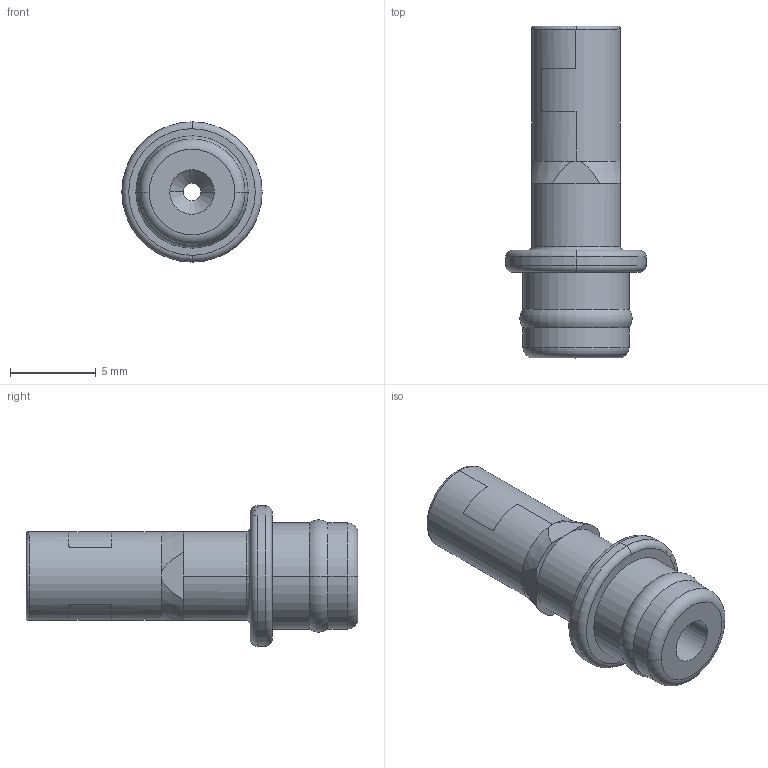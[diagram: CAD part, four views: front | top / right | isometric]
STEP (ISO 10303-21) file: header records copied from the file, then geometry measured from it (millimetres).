
FILE_DESCRIPTION((''),'2;1');
FILE_NAME('PCM_1P6_56','2017-06-17T',('tl.yang'),(''),'PRO/ENGINEER BY PARAMETRIC TECHNOLOGY CORPORATION, 2011500','PRO/ENGINEER BY PARAMETRIC TECHNOLOGY CORPORATION, 2011500','');
FILE_SCHEMA(('CONFIG_CONTROL_DESIGN'));
Length unit declared in the file: millimetre
Products named in the file (1): PCM_1P6_56
Bounding box: 8.2 x 19.4 x 8.2 mm (x, y, z)
Volume: 407.6 mm3; surface area: 596.9 mm2
Topology: 1 solids, 1 shells, 54 faces, 146 edges, 98 vertices
Faces by surface type: cylinder 16, plane 14, torus 14, cone 10
Entity records: 1921 total; most frequent: CARTESIAN_POINT 437, DIRECTION 340, ORIENTED_EDGE 292, AXIS2_PLACEMENT_3D 152, EDGE_CURVE 146, VERTEX_POINT 98, CIRCLE 98, EDGE_LOOP 60
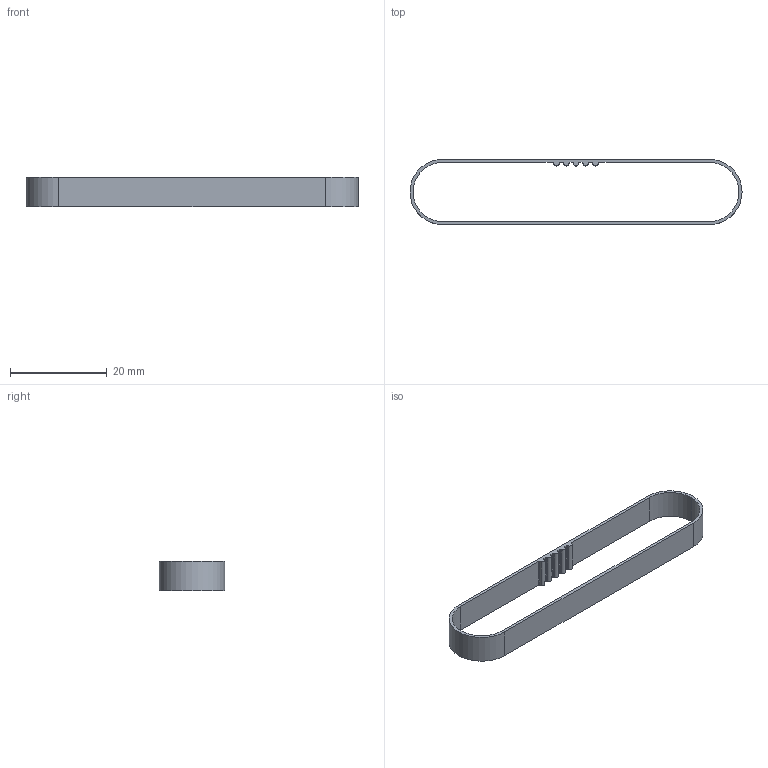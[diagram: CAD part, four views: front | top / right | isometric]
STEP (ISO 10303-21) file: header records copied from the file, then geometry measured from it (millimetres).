
FILE_DESCRIPTION (( 'STEP AP203' ), '1' );
FILE_NAME ('TB 同步带 GBN1502GT-60.STEP_默认_sldprt.STEP', '2025-11-13T14:26:30', ( '' ), ( '' ), 'SwSTEP 2.0', 'SolidWorks 2020', '' );
FILE_SCHEMA (( 'CONFIG_CONTROL_DESIGN' ));
Length unit declared in the file: millimetre
Products named in the file (1): TB 同步带 GBN1502GT-60.STEP_默认_sldprt
Bounding box: 68.48 x 13.48 x 6 mm (x, y, z)
Volume: 590.2 mm3; surface area: 2026.3 mm2
Topology: 1 solids, 1 shells, 42 faces, 120 edges, 80 vertices
Faces by surface type: cylinder 31, plane 11
Entity records: 1487 total; most frequent: DIRECTION 268, CARTESIAN_POINT 243, ORIENTED_EDGE 240, EDGE_CURVE 120, AXIS2_PLACEMENT_3D 105, VERTEX_POINT 80, CIRCLE 62, LINE 58
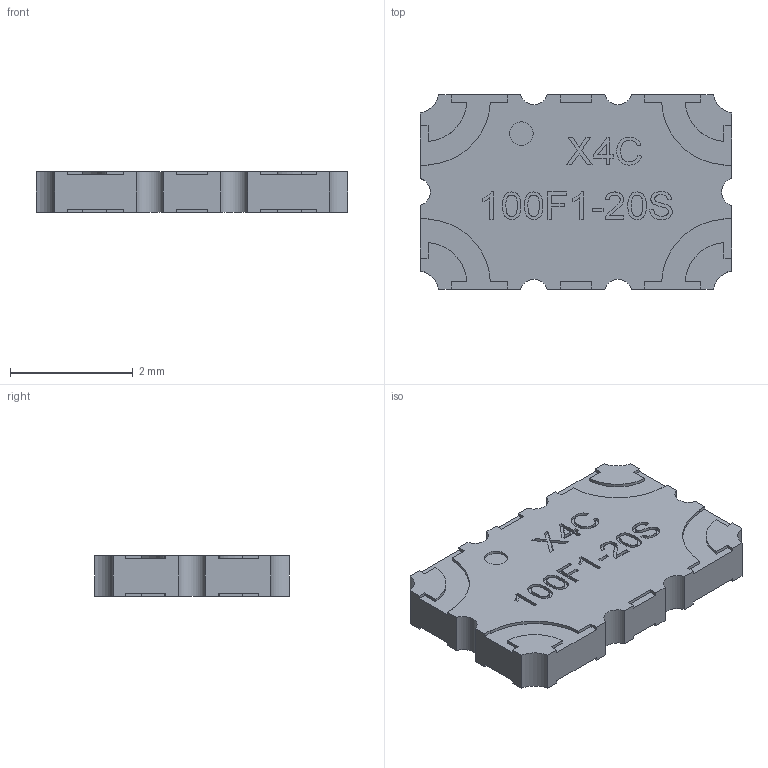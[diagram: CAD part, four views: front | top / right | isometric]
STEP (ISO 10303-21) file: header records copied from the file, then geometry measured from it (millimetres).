
FILE_DESCRIPTION (( 'STEP AP203' ), '1' );
FILE_NAME ('X4C100F1-20S.STEP', '2025-01-29T18:47:35', ( '' ), ( '' ), 'SwSTEP 2.0', 'SolidWorks 2023', '' );
FILE_SCHEMA (( 'CONFIG_CONTROL_DESIGN' ));
Length unit declared in the file: inch
Products named in the file (1): X4C100F1-20S
Bounding box: 5.08 x 3.17 x 0.66 mm (x, y, z)
Volume: 9.9 mm3; surface area: 44.6 mm2
Topology: 1 solids, 1 shells, 292 faces, 816 edges, 544 vertices
Faces by surface type: plane 200, bspline 69, cylinder 23
Entity records: 12803 total; most frequent: CARTESIAN_POINT 5634, ORIENTED_EDGE 1632, DIRECTION 1172, EDGE_CURVE 816, LINE 632, VECTOR 632, VERTEX_POINT 544, EDGE_LOOP 310

• [WHAT YOU NEED TO DO]: Repeat the listing above exactly, omitting the pictures it contains.

• [RESPONSE AREA]:
[diagram: CAD part, four views: front | top / right | isometric]
STEP (ISO 10303-21) file: header records copied from the file, then geometry measured from it (millimetres).
FILE_DESCRIPTION((''),'2;1');
FILE_NAME('PCM_1P6_56','2017-06-17T',('tl.yang'),(''),'PRO/ENGINEER BY PARAMETRIC TECHNOLOGY CORPORATION, 2011500','PRO/ENGINEER BY PARAMETRIC TECHNOLOGY CORPORATION, 2011500','');
FILE_SCHEMA(('CONFIG_CONTROL_DESIGN'));
Length unit declared in the file: millimetre
Products named in the file (1): PCM_1P6_56
Bounding box: 8.2 x 19.4 x 8.2 mm (x, y, z)
Volume: 407.6 mm3; surface area: 596.9 mm2
Topology: 1 solids, 1 shells, 54 faces, 146 edges, 98 vertices
Faces by surface type: cylinder 16, plane 14, torus 14, cone 10
Entity records: 1921 total; most frequent: CARTESIAN_POINT 437, DIRECTION 340, ORIENTED_EDGE 292, AXIS2_PLACEMENT_3D 152, EDGE_CURVE 146, VERTEX_POINT 98, CIRCLE 98, EDGE_LOOP 60
[diagram: CAD part, four views: front | top / right | isometric]
STEP (ISO 10303-21) file: header records copied from the file, then geometry measured from it (millimetres).
FILE_DESCRIPTION (( 'STEP AP203' ), '1' );
FILE_NAME ('TB 同步带 GBN1502GT-60.STEP_默认_sldprt.STEP', '2025-11-13T14:26:30', ( '' ), ( '' ), 'SwSTEP 2.0', 'SolidWorks 2020', '' );
FILE_SCHEMA (( 'CONFIG_CONTROL_DESIGN' ));
Length unit declared in the file: millimetre
Products named in the file (1): TB 同步带 GBN1502GT-60.STEP_默认_sldprt
Bounding box: 68.48 x 13.48 x 6 mm (x, y, z)
Volume: 590.2 mm3; surface area: 2026.3 mm2
Topology: 1 solids, 1 shells, 42 faces, 120 edges, 80 vertices
Faces by surface type: cylinder 31, plane 11
Entity records: 1487 total; most frequent: DIRECTION 268, CARTESIAN_POINT 243, ORIENTED_EDGE 240, EDGE_CURVE 120, AXIS2_PLACEMENT_3D 105, VERTEX_POINT 80, CIRCLE 62, LINE 58
[diagram: CAD part, four views: front | top / right | isometric]
STEP (ISO 10303-21) file: header records copied from the file, then geometry measured from it (millimetres).
FILE_DESCRIPTION (( 'STEP AP203' ), '1' );
FILE_NAME ('X4C100F1-20S.STEP', '2025-01-29T18:47:35', ( '' ), ( '' ), 'SwSTEP 2.0', 'SolidWorks 2023', '' );
FILE_SCHEMA (( 'CONFIG_CONTROL_DESIGN' ));
Length unit declared in the file: inch
Products named in the file (1): X4C100F1-20S
Bounding box: 5.08 x 3.17 x 0.66 mm (x, y, z)
Volume: 9.9 mm3; surface area: 44.6 mm2
Topology: 1 solids, 1 shells, 292 faces, 816 edges, 544 vertices
Faces by surface type: plane 200, bspline 69, cylinder 23
Entity records: 12803 total; most frequent: CARTESIAN_POINT 5634, ORIENTED_EDGE 1632, DIRECTION 1172, EDGE_CURVE 816, LINE 632, VECTOR 632, VERTEX_POINT 544, EDGE_LOOP 310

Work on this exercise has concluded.